# Problems in 2nd round

A booklet with all the problems and the actual chapter of the series (in Czech):

## Problem II . 1 … *beach date* (3 points)

Imagine you are going on a date with your girlfriend/boyfriend and you end up watching the sunset on the beach. The sun above the sea horizon looks very romantic, so to prolong this special moment, you decide to use a forklift to lift you up. The forks of the forklift move up with such speed that you can see the sun touching the horizon at any moment. Determine the speed of the forks.

## Problem II . 2 … *ultra high temperature superconducticvity* (3 points)

Many types of materials, mostly metals,
have increasing dependence of resistivity on temperature.
However, there are semiconductors or graphite which show a decreasing dependence.
And you have also probably heard about superconductivity,
the natural phenomenon when a cooled material shows almost no electrical resistance
and becomes a perfect conductor. Our current state of knowledge says
that the temperature of a superconductor must be well below room temperature,
but let's assume that the equation defining the resistance is *R* = *R*_{0} ( 1 + *αΔt* ) , where *R*_{0} is the resistance at room temperature, *α* is the temperature coefficient of resistance and *Δt* is the temperature difference with respect to room temperature,
and the equation holds for any temperature.
Using this equation and coefficients *α*_{C} = -0.5 · 10^{-3} K^{ − 1} for graphite and *α*_{Si} = -75 · 10^{-3} K^{ − 1} for silicon,
we obtain zero resistance for high temperatures.
Determine these two temperatures and explain why the superconducting
phenomenon does not work this way, i.e. neither carbon nor silicon
are superconductors at high temperatures.

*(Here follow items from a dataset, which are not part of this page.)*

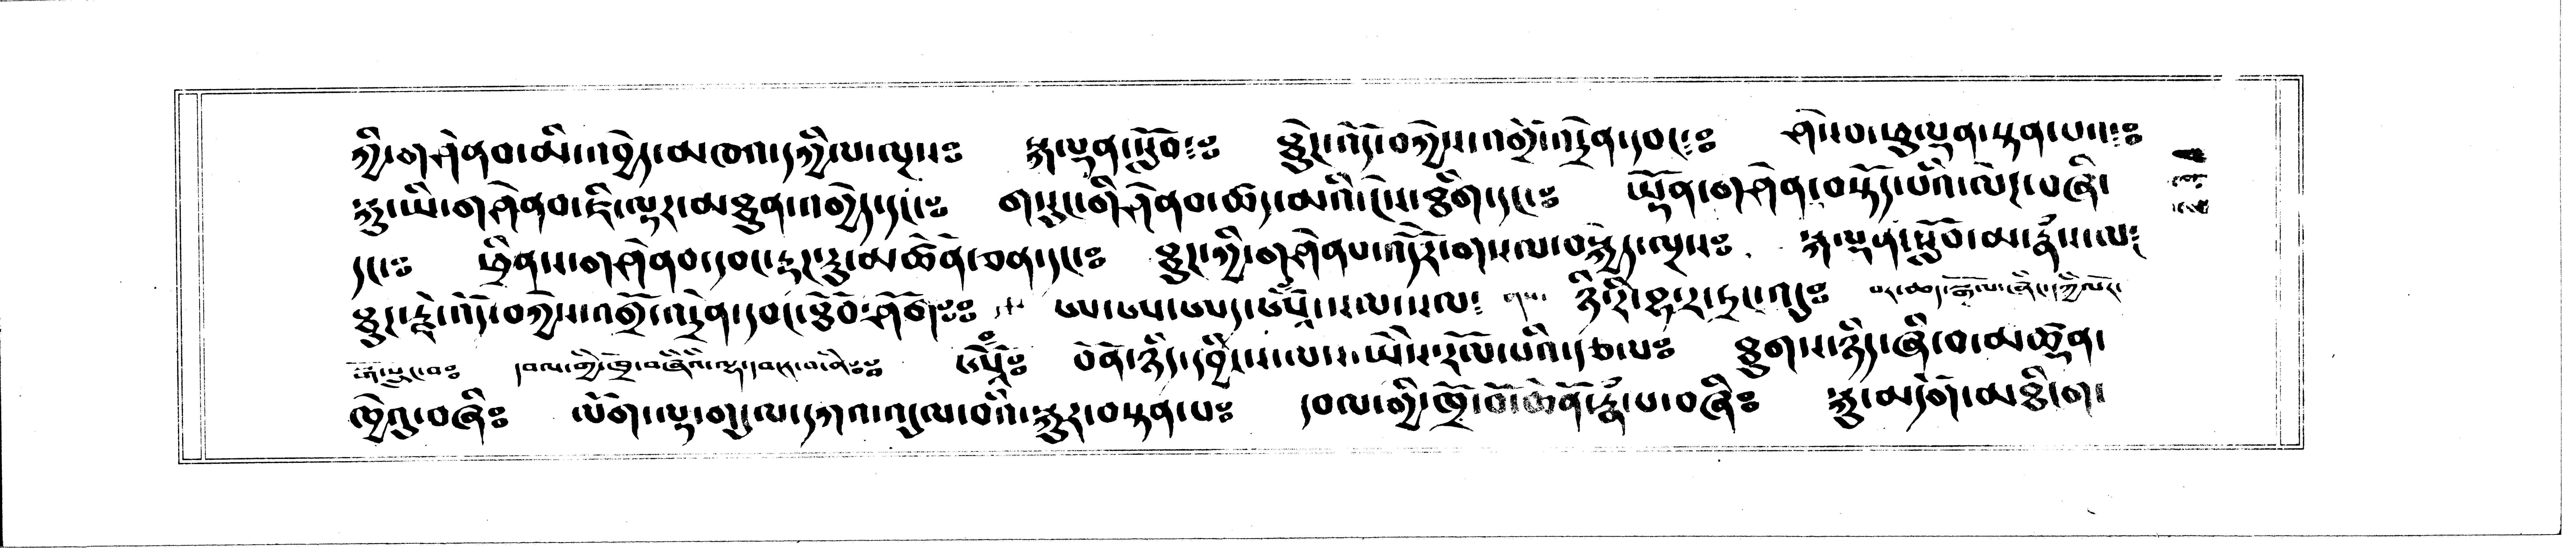ཀྱི་གཤེན་རབ་མི་འབྱེད་མཁའ་དཀྱིལ་དངཿ
སྐུ་ཡི་གཤེན་རབ་ཇི་ལྟར་མཐུན་འགྱེད་དངཿ གསུང་གི་གཤེན་རབ་ཚད་མའི་ངེས་ཐིག་དངཿ ཡོན་ཏན་གཤེན་རབ་བསྟོད་པའི་ལེགས་བཞི་
དངཿ ཕྲིན་ལས་གཤེན་རབ་དབང་རྟགས་རུ་མཚོན་དངཿ ཐུགས་ཀྱི་གཤེན་རབ་འོད་ཟེར་གསལ་བསྐྱེད་ལྔའིཿ སྐལ་ལྡན་སློབ་མ་རྣམས་ལ་
 ཐུགས་རྗེ་འོད་བཀྱེས་འགྲོ་འདྲེན་དབང་ཐོབ་ཤོགཿ ཨ་ཨ་ཨད་ཨཱོྃ་སལ་སལཿ ནསཿ ཉི་རི་བྷ་ར་ཏྲང་འདུཿབར་ཆད་སྒྲོལ་ཞིང་དཀྱིལ་འཁོར་
སྒོ་སྲུང་བཿ དབལ་གྱི་ཁྲོ་བཞིའི་ལྷ་དབང་བསྐུར་བ་ནིཿ ཨཱོྃཿ བོན་ཉིད་དབྱིངས་ལས་ཡེ་ཤེས་རོལ་པའི་རྩལཿ ཐུགས་ཉིད་ཞི་བ་མཚན་ལྡན
་ཁྱེའུ་བཞིཿ ལོག་ལྟ་གདུལ་དཀའ་འདུལ་བའི་སྐུར་བསྟན་པཿ དབལ་གྱི་ཁྲོ་བོ་ཆེན་པོ་རྣམ་པ་བཞིཿ སྐུ་མདོག་མཐིང་ནག་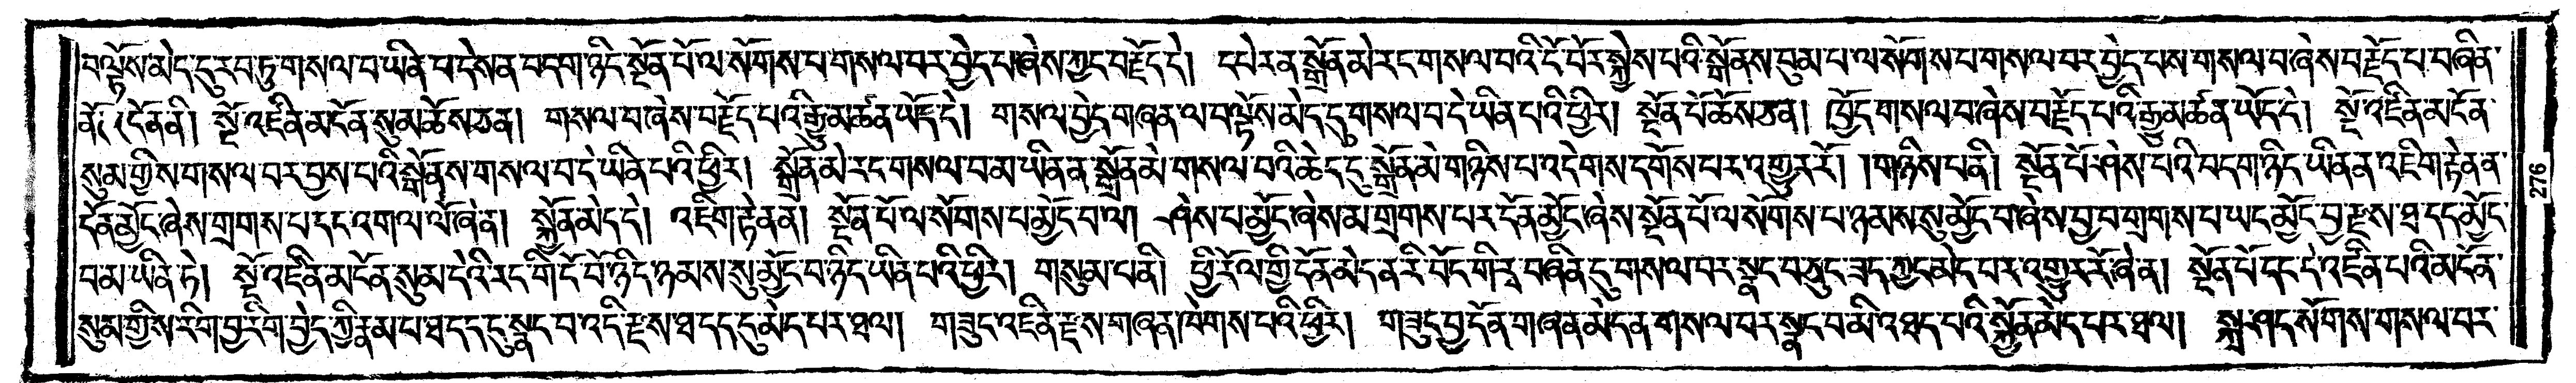བལྟོས་མེད་དུ་རབ་ཏུ་གསལ་བ་ཡིན་པ་དེས་ན་བདག་ཉིད་སྔོན་པོ་ལ་སོགས་པ་གསལ་བར་བྱེད་པ་ཞེས་ཀྱང་བརྗོད་དེ། དཔེར་ན་སྒྲོན་མེ་རང་གསལ་བའི་ངོ་བོར་སྐྱེས་པའི་སྒོ་ནས་བུམ་པ་ལ་སོགས་པ་གསལ་བར་བྱེད་པས་གསལ་བ་ཞེས་བརྗོད་པ་བཞིན་
ནོ། །དོན་ནི། སྔོ་འཛིན་མངོན་སུམ་ཆོས་ཅན། གསལ་བ་ཞེས་བརྗོད་པའི་རྒྱུ་མཚན་ཡོད་དེ། གསལ་བྱེད་གཞན་ལ་བལྟོས་མེད་དུ་གསལ་བ་དེ་ཡིན་པའི་ཕྱིར། སྔོན་པོ་ཆོས་ཅན། ཁྱོད་གསལ་བ་ཞེས་བརྗོད་པའི་རྒྱུ་མཚན་ཡོད་དེ། སྔོ་འཛིན་མངོན་
སུམ་གྱིས་གསལ་བར་བྱས་པའི་སྒོ་ནས་གསལ་བ་དེ་ཡིན་པའི་ཕྱིར། སྒྲོན་མེ་རང་གསལ་བ་མ་ཡིན་ན་སྒྲོན་མེ་གསལ་བའི་ཆེད་དུ་སྒྲོན་མེ་གཉིས་པ་འདེགས་དགོས་པར་འགྱུར་རོ། །གཉིས་པ་ནི། སྔོན་པོ་ཤེས་པའི་བདག་ཉིད་ཡིན་ན་འཇིག་རྟེན་ན་
དོན་མྱོང་ཞེས་གྲགས་པ་དང་འགལ་ལོ་ཞེ་ན། སྐྱོན་མེད་དེ། འཇིག་རྟེན་ན། སྔོན་པོ་ལ་སོགས་པ་མྱོང་བ་ལ། ཤེས་པ་མྱོང་ཞེས་མ་གྲགས་པར་དོན་མྱོང་ཞེས་སྔོན་པོ་ལ་སོགས་པ་ཉམས་སུ་མྱོང་བ་ཞེས་བྱ་བ་གྲགས་པ་ཡང་མྱོང་བྱ་རྫས་ཐ་དད་མྱོང་
བ་མ་ཡིན་ཏེ། སྔོ་འཛིན་མངོན་སུམ་དེའི་རང་གི་ངོ་བོ་ཉིད་ཉམས་སུ་མྱོང་བ་ཉིད་ཡིན་པའི་ཕྱིར། གསུམ་པ་ནི། ཕྱི་རོལ་གྱི་དོན་མེད་ན་རི་བོང་གི་རྭ་བཞིན་དུ་གསལ་བར་སྣང་བ་ཅུང་ཟད་ཀྱང་མེད་པར་འགྱུར་རོ་ཞེ་ན། སྔོན་པོ་དང་དེ་འཛིན་པའི་མངོན་
སུམ་གྱིས་རིག་བྱ་རིག་བྱེད་ཀྱི་རྣམ་པ་ཐ་དད་དུ་སྣང་བ་འདི་རྫས་ཐ་དད་དུ་མེད་པར་ཐལ། གཟུང་འཛིན་རྫས་གཞན་ཁེགས་པའི་ཕྱིར། གཟུང་བྱ་དོན་གཞན་མེད་ན་གསལ་བར་སྣང་བ་མི་འཐད་པའི་སྐྱོན་མེད་པར་ཐལ། སྐྲ་ཤད་སོགས་གསལ་བར་

## Problem II . 3 … *looping* (6 points)

We have a plane inclined at an angle *α* which is smoothly connected to a loop of radius *R*. What is the minimal initial height *h* where we have to place
a ball of radius *r* (comparable to *R*, but smaller), so that
the ball will roll through the loop? The ball must be always in
contact with the plane or the loop and we assume that the ball does not slip.

## Problem II . 4 … *tiny ball* (6 points)

Imagine the motion of a homogeneous ball: it starts with translation (without rotation) and gradually transitions to rolling (without slipping). Determine the time of the transition from pure translation to rolling without slipping. Consider different radius, mass, initial speed and coefficient of friction of the ball.

## Problem II . 5 … *tea container problem* (7 points)

We have a tea container with a tap near the bottom and an airtight lid (maybe you know these from your school canteen). Determine the volume of tea we can pour from the tap before we have to open the valve to equalize the pressure in the container.

## Problem II . P … *an effective machine* (9 points)

Guns can be considered to be heat engines. Calculate the efficiency of a gun, say a pistol or a rifle.

## Problem II . Exp … *one full fat milk, please* (12 points)

Milk with higher fat content should be „whiter“ – more light is scattered and less is transmitted. Conduct a measurement of the fat content of milk with the help of a color scale (contact us at fykos@fykos.czto get the pdf with the scale -- you have to print it yourself). The difference in whiteness is most apparent when you add a dye to each glass of milk. You can use e.g. black ink or any other dye, but with different colors you have to create your own color scale which you have to add to your solution. Use different types of milk and mixture of milk with water. Discuss the reliability of this method of measurement.